In the cover of the trees, we squatted and waited, the old man still sitting with his back against the pine.
Up a ways ahead of us, I saw there was at least a half-dozen hoboes in the trees and brush, waiting on that train. They looked back at us in a manner that made me a little nervous. We wouldn’t be the only ones riding, and there might be some trouble if we weren’t careful.
“Try and get the same boxcar, if you can,” Floyd said. “That way you can watch out for one another if there’s someone else in the car that might take a mind to bother you. But let me tell you, they got a gun, a knife, it’s best to give them what they want or jump.”
“That won’t be much,” Jane said. “Our bag of goods and a few dollars is all we got.”
“It ain’t worth dying over,” Floyd said.
“You didn’t give them sandwiches away the other night,” Tony said.
“No,” Floyd said. “But I was meaner than them, and I had a gun. I ain’t proud of that gun. It ain’t brought me much good, except that time the other night. A gun just seems to make things go bad. You start to depend on it and give it too much respect. I wish I hadn’t never seen one.”

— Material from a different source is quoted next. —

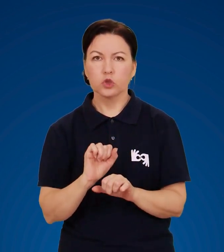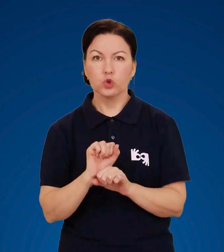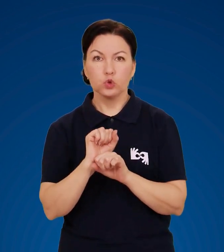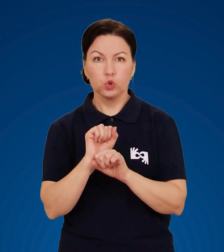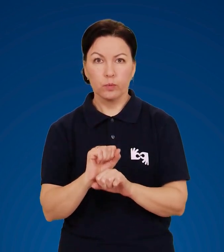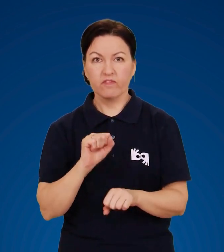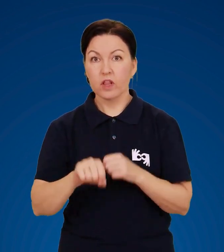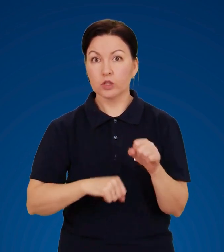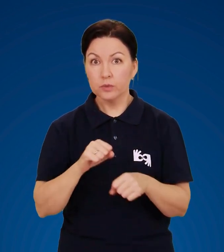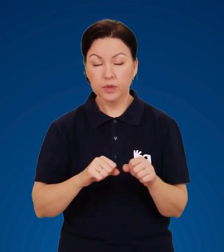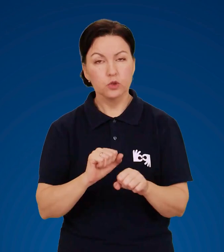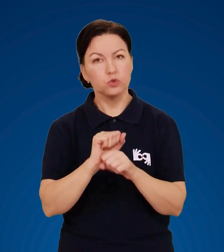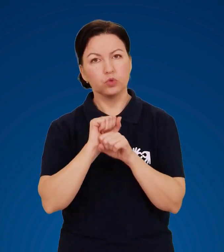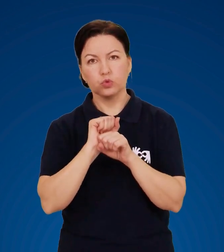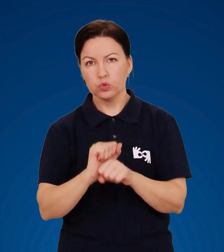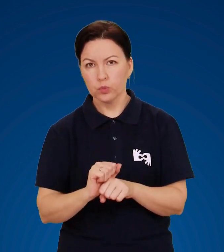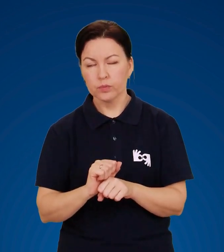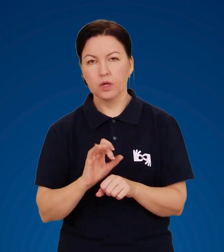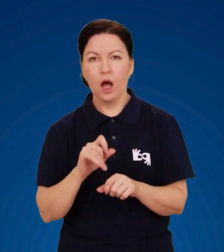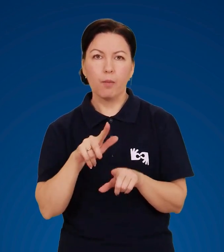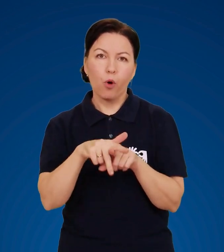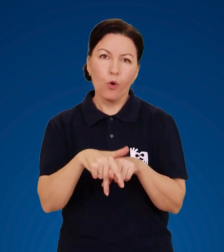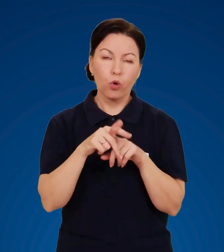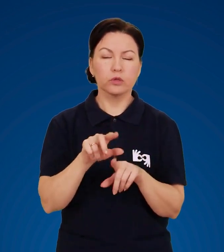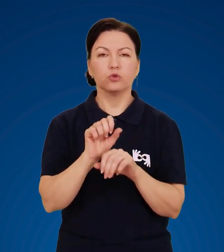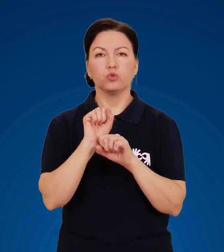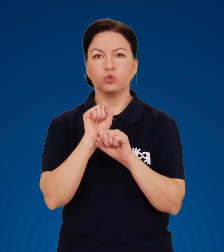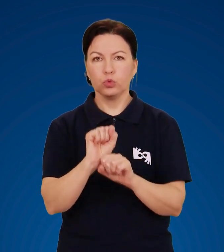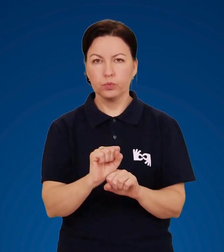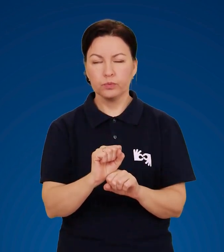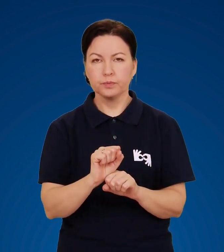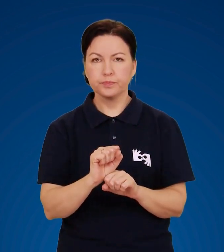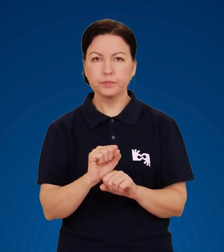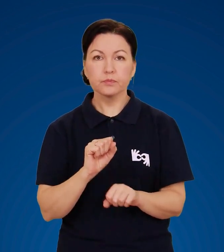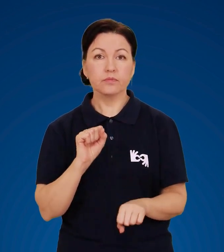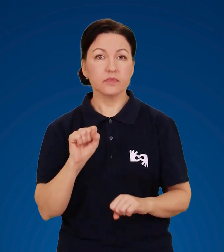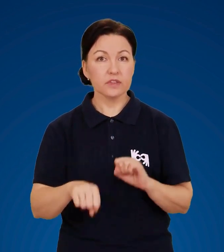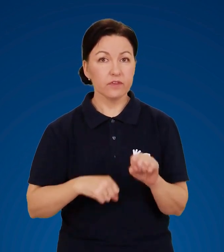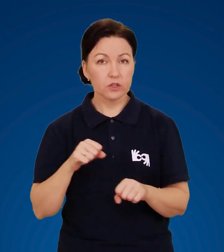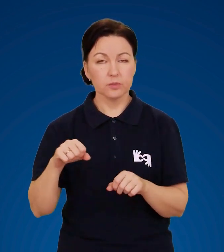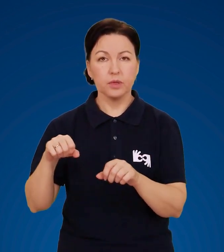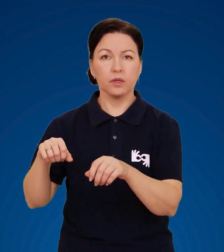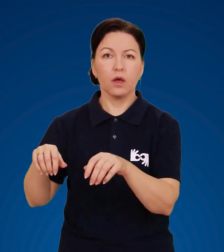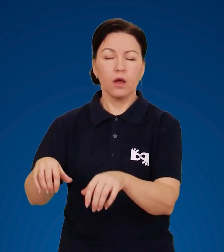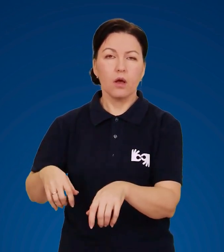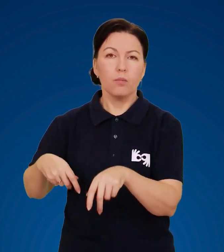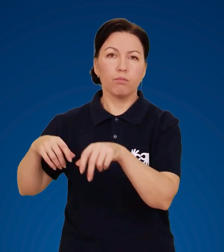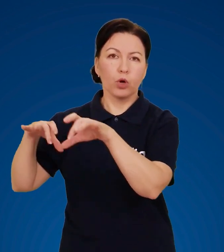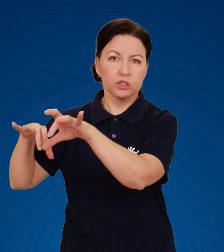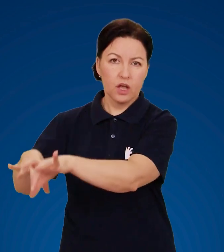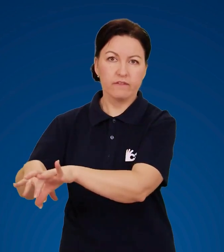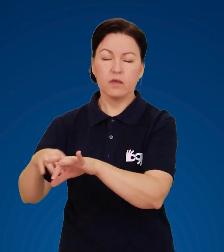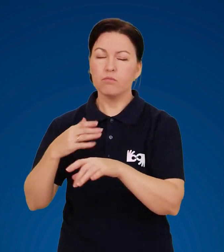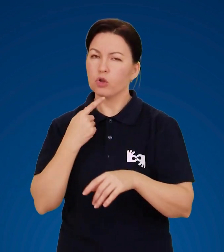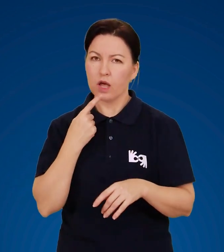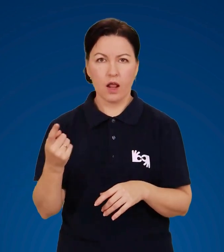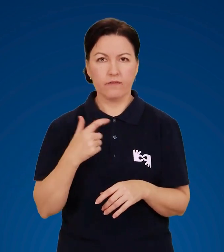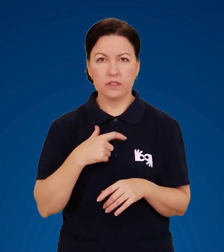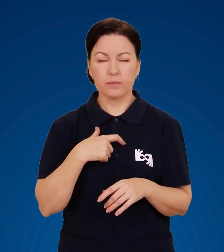Негайно припиніть прогулянку на велосипеді або верхи на коні. Велосипед поставте подалі від

“Is that the train?” Daggart said.
We looked down the track. A train was moving out of the station.
“That’s the one heading southeast,” Floyd said. “The one you want.”
“Could the line have changed since you rode it last?” Jane said.
“Sure it could have,” Floyd said. “But you don’t want to think about that, do you? But you miss it, there’s tomorrow, about this same time. It leaves out when the Fort Worth train comes in. I know that much from having been here and known people who’ve ridden it.”
“I guess it’s in for a penny, in for a pound,” Jane said. “Bend down.”
Floyd studied her for a moment; then he bent closer to her face and she kissed him on the cheek.
“Thanks for being so kind,” she said.
“Pass it along,” Floyd said. “I ain’t passed near enough of it along before, so you do it for me. Say you will.”
“We’ll do that,” I said.
Floyd shook my and Tony’s hands. He bent down and shook Daggart’s hand. The old man was still resting against that pine tree. Floyd touched his shoulder.
“Goodbye and good luck,” Floyd said, and with that he moved across the track well in front of the oncoming train, turned, and waved at us, and then the train’s engine passed in front of him, followed by the train, and then we couldn’t see him anymore.